Data supplied -
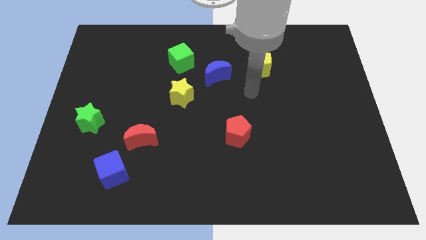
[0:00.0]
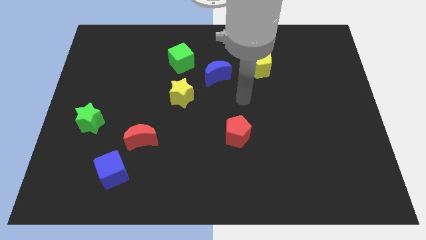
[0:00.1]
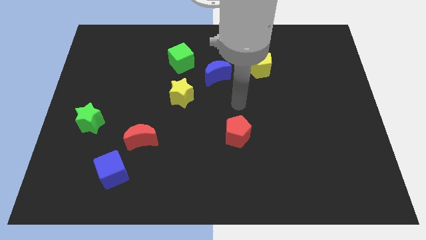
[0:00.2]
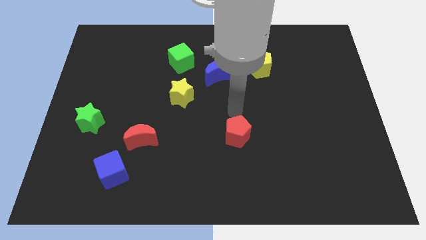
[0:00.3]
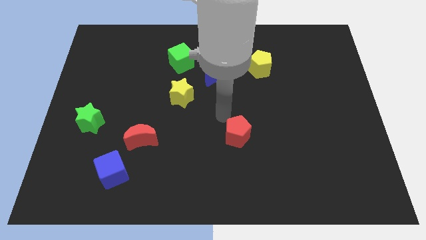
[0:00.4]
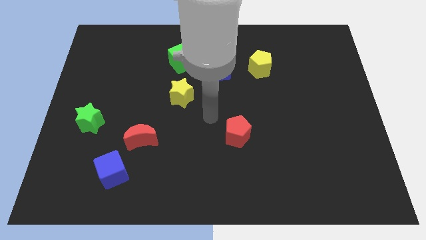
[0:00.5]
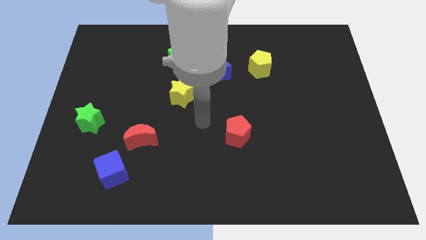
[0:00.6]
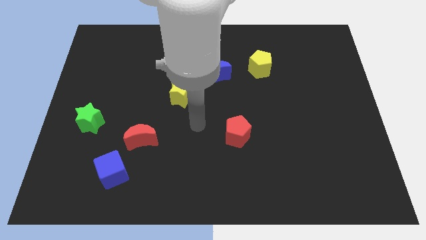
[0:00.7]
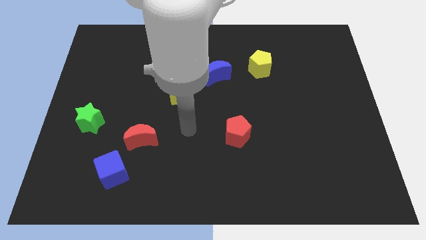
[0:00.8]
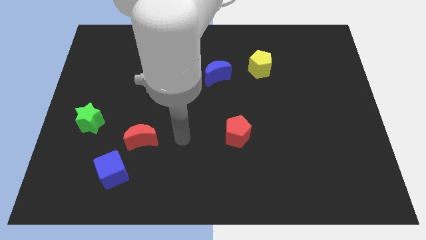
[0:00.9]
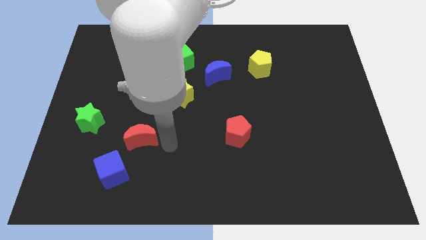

Exercise objective -
Copy all of the entries verbatim, leaving out any pictures they contain.

Task output -
[0:00.0]
[0:00.1]
[0:00.2]
[0:00.3]
[0:00.4]
[0:00.5]
[0:00.6]
[0:00.7]
[0:00.8]
[0:00.9]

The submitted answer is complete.